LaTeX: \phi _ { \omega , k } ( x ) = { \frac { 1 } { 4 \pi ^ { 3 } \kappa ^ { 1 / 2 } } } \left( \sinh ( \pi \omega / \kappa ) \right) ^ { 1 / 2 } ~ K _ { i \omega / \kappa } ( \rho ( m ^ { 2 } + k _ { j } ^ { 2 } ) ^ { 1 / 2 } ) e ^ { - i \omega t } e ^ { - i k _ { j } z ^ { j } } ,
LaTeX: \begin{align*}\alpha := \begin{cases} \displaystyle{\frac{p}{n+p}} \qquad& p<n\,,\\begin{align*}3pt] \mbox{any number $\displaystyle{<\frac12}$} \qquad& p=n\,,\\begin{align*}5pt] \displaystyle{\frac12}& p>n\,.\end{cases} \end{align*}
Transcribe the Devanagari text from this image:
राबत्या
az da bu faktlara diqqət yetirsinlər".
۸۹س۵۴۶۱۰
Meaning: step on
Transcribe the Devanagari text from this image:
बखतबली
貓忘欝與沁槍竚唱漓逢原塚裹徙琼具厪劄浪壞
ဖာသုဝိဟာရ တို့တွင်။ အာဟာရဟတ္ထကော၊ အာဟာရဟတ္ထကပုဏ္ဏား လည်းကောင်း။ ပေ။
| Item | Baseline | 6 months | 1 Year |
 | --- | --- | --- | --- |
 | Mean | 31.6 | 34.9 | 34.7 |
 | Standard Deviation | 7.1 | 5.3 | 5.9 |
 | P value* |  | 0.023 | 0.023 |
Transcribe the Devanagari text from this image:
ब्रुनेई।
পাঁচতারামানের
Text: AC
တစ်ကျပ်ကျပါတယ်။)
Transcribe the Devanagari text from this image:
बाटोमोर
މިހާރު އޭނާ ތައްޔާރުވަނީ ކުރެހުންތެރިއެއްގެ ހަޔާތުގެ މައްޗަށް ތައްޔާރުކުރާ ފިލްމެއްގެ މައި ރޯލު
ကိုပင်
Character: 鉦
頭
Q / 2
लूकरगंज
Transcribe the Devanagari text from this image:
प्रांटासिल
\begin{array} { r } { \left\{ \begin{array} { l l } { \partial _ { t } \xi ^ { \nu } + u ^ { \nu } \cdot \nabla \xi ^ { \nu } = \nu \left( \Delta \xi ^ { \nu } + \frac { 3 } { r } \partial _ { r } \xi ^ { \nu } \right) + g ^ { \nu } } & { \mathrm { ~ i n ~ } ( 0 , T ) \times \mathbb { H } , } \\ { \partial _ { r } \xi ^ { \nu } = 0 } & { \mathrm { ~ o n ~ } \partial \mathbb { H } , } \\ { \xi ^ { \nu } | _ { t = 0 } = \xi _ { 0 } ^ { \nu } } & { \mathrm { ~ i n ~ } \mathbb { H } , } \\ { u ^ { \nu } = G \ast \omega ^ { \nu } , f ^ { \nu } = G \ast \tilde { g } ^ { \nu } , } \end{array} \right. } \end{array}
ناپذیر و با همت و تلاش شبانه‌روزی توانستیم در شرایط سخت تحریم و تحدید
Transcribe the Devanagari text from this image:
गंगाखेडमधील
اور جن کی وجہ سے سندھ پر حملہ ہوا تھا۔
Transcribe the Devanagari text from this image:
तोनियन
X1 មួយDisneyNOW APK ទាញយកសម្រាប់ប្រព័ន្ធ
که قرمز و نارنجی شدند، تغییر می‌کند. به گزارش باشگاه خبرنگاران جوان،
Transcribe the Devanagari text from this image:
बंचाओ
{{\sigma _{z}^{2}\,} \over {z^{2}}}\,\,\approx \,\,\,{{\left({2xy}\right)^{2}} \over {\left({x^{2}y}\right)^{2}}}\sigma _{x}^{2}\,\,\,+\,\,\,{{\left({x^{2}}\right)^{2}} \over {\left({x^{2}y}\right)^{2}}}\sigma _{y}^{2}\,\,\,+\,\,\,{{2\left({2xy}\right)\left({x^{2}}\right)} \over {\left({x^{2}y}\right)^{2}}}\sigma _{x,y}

WHAT YOU WILL DO: Give back the data above exactly as it appears.

SOLUTION:
LaTeX: \phi _ { \omega , k } ( x ) = { \frac { 1 } { 4 \pi ^ { 3 } \kappa ^ { 1 / 2 } } } \left( \sinh ( \pi \omega / \kappa ) \right) ^ { 1 / 2 } ~ K _ { i \omega / \kappa } ( \rho ( m ^ { 2 } + k _ { j } ^ { 2 } ) ^ { 1 / 2 } ) e ^ { - i \omega t } e ^ { - i k _ { j } z ^ { j } } ,
LaTeX: \begin{align*}\alpha := \begin{cases} \displaystyle{\frac{p}{n+p}} \qquad& p<n\,,\\begin{align*}3pt] \mbox{any number $\displaystyle{<\frac12}$} \qquad& p=n\,,\\begin{align*}5pt] \displaystyle{\frac12}& p>n\,.\end{cases} \end{align*}
Transcribe the Devanagari text from this image:
राबत्या
az da bu faktlara diqqət yetirsinlər".
۸۹س۵۴۶۱۰
Meaning: step on
Transcribe the Devanagari text from this image:
बखतबली
貓忘欝與沁槍竚唱漓逢原塚裹徙琼具厪劄浪壞
ဖာသုဝိဟာရ တို့တွင်။ အာဟာရဟတ္ထကော၊ အာဟာရဟတ္ထကပုဏ္ဏား လည်းကောင်း။ ပေ။
| Item | Baseline | 6 months | 1 Year |
 | --- | --- | --- | --- |
 | Mean | 31.6 | 34.9 | 34.7 |
 | Standard Deviation | 7.1 | 5.3 | 5.9 |
 | P value* |  | 0.023 | 0.023 |
Transcribe the Devanagari text from this image:
ब्रुनेई।
পাঁচতারামানের
Text: AC
တစ်ကျပ်ကျပါတယ်။)
Transcribe the Devanagari text from this image:
बाटोमोर
މިހާރު އޭނާ ތައްޔާރުވަނީ ކުރެހުންތެރިއެއްގެ ހަޔާތުގެ މައްޗަށް ތައްޔާރުކުރާ ފިލްމެއްގެ މައި ރޯލު
ကိုပင်
Character: 鉦
頭
Q / 2
लूकरगंज
Transcribe the Devanagari text from this image:
प्रांटासिल
\begin{array} { r } { \left\{ \begin{array} { l l } { \partial _ { t } \xi ^ { \nu } + u ^ { \nu } \cdot \nabla \xi ^ { \nu } = \nu \left( \Delta \xi ^ { \nu } + \frac { 3 } { r } \partial _ { r } \xi ^ { \nu } \right) + g ^ { \nu } } & { \mathrm { ~ i n ~ } ( 0 , T ) \times \mathbb { H } , } \\ { \partial _ { r } \xi ^ { \nu } = 0 } & { \mathrm { ~ o n ~ } \partial \mathbb { H } , } \\ { \xi ^ { \nu } | _ { t = 0 } = \xi _ { 0 } ^ { \nu } } & { \mathrm { ~ i n ~ } \mathbb { H } , } \\ { u ^ { \nu } = G \ast \omega ^ { \nu } , f ^ { \nu } = G \ast \tilde { g } ^ { \nu } , } \end{array} \right. } \end{array}
ناپذیر و با همت و تلاش شبانه‌روزی توانستیم در شرایط سخت تحریم و تحدید
Transcribe the Devanagari text from this image:
गंगाखेडमधील
اور جن کی وجہ سے سندھ پر حملہ ہوا تھا۔
Transcribe the Devanagari text from this image:
तोनियन
X1 មួយDisneyNOW APK ទាញយកសម្រាប់ប្រព័ន្ធ
که قرمز و نارنجی شدند، تغییر می‌کند. به گزارش باشگاه خبرنگاران جوان،
Transcribe the Devanagari text from this image:
बंचाओ
{{\sigma _{z}^{2}\,} \over {z^{2}}}\,\,\approx \,\,\,{{\left({2xy}\right)^{2}} \over {\left({x^{2}y}\right)^{2}}}\sigma _{x}^{2}\,\,\,+\,\,\,{{\left({x^{2}}\right)^{2}} \over {\left({x^{2}y}\right)^{2}}}\sigma _{y}^{2}\,\,\,+\,\,\,{{2\left({2xy}\right)\left({x^{2}}\right)} \over {\left({x^{2}y}\right)^{2}}}\sigma _{x,y}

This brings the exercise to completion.